And as for your pictures, please don't let your beginner talent stop you from showing your models to everyone. The best way to speed up your hidden talent is to ask questions. There's a lot of talented modelers around to help you in any way.

Steph


----------



## btbrush (Sep 20, 2010)

Hiya Bill,
And welcome to the zany world of HobbyTalk. These people are great and very helpful. You got your finger on the pulse now, dude.
As far as your dilema goes, as long as there's a horizontal surface, there's somewhere to put a model. That's my take. Some of the figures I've built were a bit risque so the wife wouldn't allow me to display them in the livingroom. She's an X now. No corelation. Now I bought a mobile home and it's more of a workroom with sleeping quarters attached. Priorities, ya know. But I'm planning on building a display case here soon to keep the dust off.
Go git'em.
Bruce


----------



## 650bill (May 23, 2011)

Hi Steph. I think I will follow up on your suggestion of a vet group of some type.
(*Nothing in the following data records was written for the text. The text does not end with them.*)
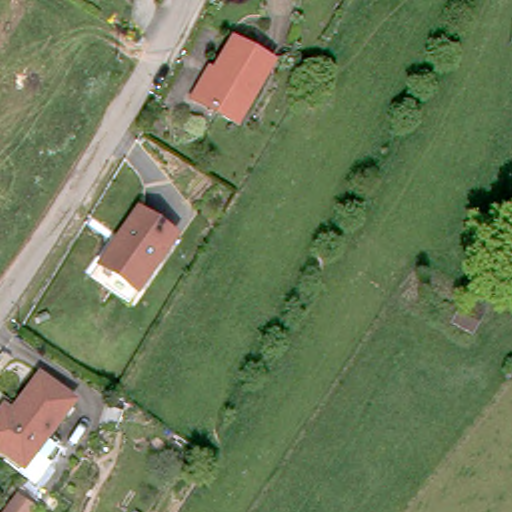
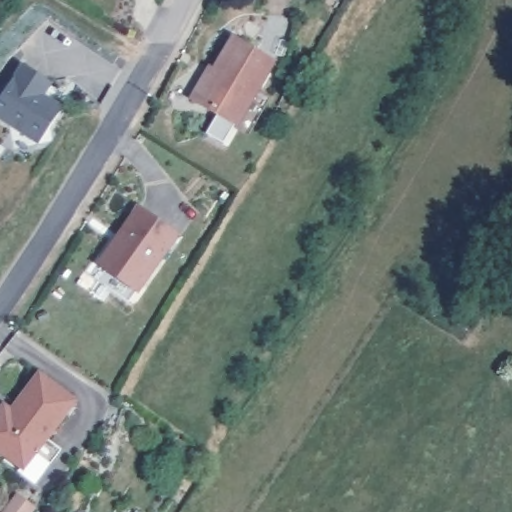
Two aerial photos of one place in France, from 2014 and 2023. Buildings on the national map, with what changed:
unchanged [(217,67),(221,69),(237,41),(272,61),(240,120),(200,96),(217,67)]
new [(52,83),(43,97),(63,107),(38,146),(0,120),(0,97),(22,63),(52,83)]
unchanged [(119,285),(99,270),(107,258),(122,238),(124,240),(130,231),(127,230),(146,203),(184,230),(145,285),(135,297),(119,285)]
unchanged [(473,328),(456,318),(451,326),(435,316),(452,286),(469,296),(465,302),(482,313),(473,328)]
unchanged [(26,474),(17,467),(22,461),(0,444),(0,407),(2,405),(9,410),(37,373),(69,397),(44,432),(60,444),(56,449),(34,480),(26,474)]
unchanged [(37,507),(33,512),(2,512),(16,492),(37,507)]

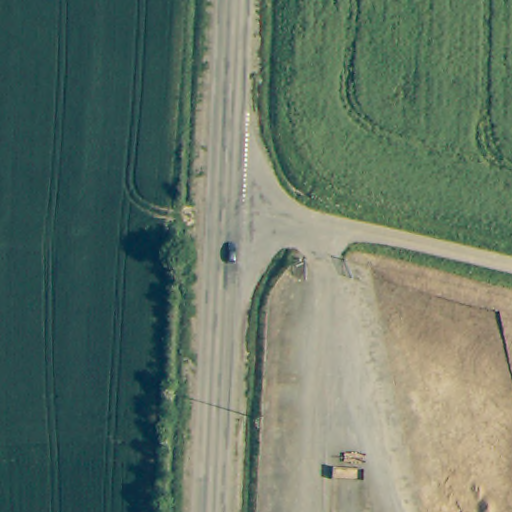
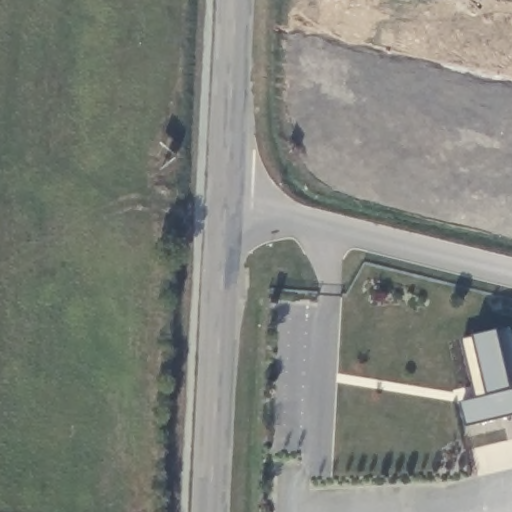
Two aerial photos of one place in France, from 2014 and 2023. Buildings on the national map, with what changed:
new [(460,404),(476,399),(462,341),(474,338),(500,333),(509,329),(512,342),(512,417),(466,429),(460,404)]

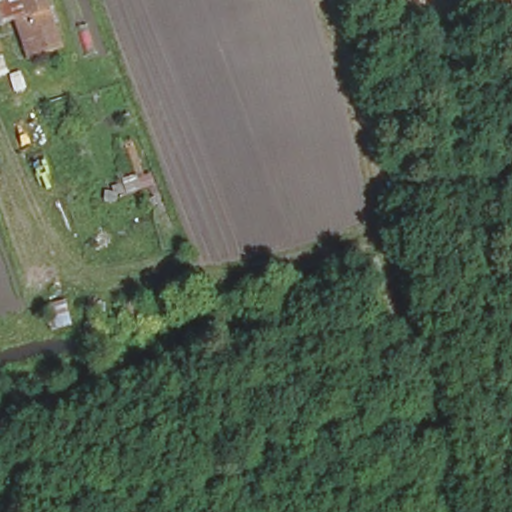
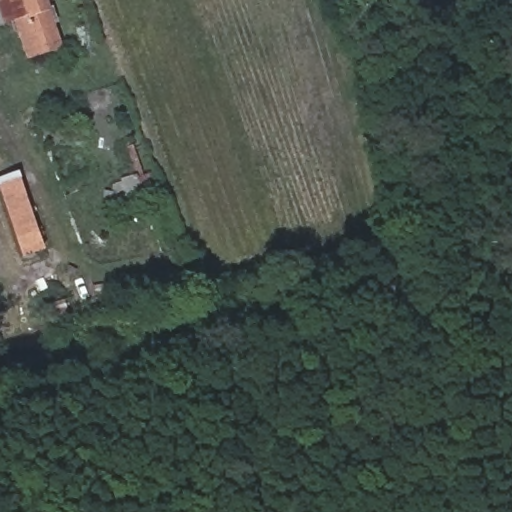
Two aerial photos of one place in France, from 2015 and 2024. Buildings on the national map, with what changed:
unchanged [(38,55),(21,11),(0,20),(0,0),(49,0),(66,44),(38,55)]
new [(0,177),(16,171),(43,250),(21,257),(0,194),(0,177)]

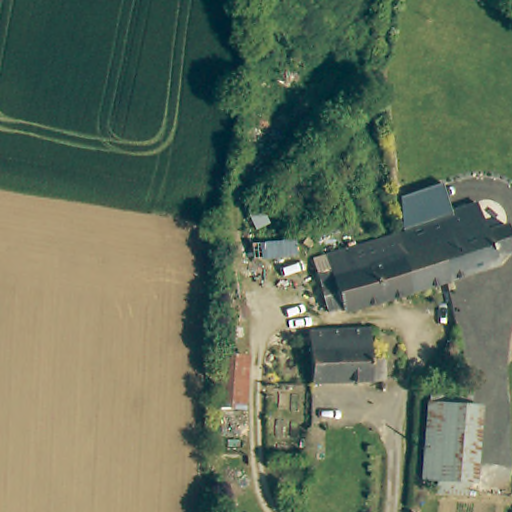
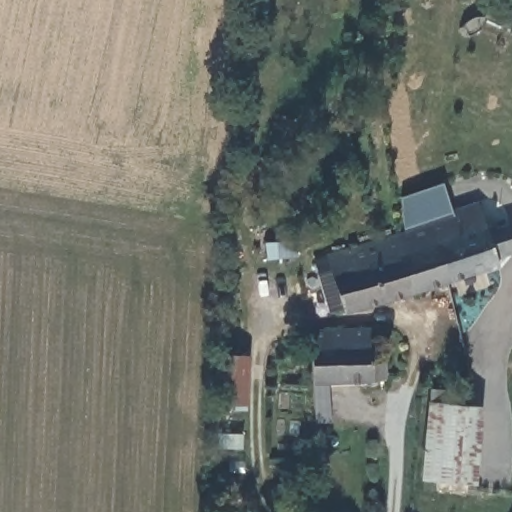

I love helping out my brothers in anyway I can, as I am a 100% disabled, and giving back makes me feel good.
650bill


----------



## Xenodyssey (Aug 27, 2008)

I have problem of displaying my kits periodically. It gets solved in the shortterm by either buying a new bookshelf and shuffling things around and/or doing a cleanout of existing shelves. Things either get thrown out or put into storage in the backyard shed after IT gets a cleanout.

Never have kept pace with the kit building though...


----------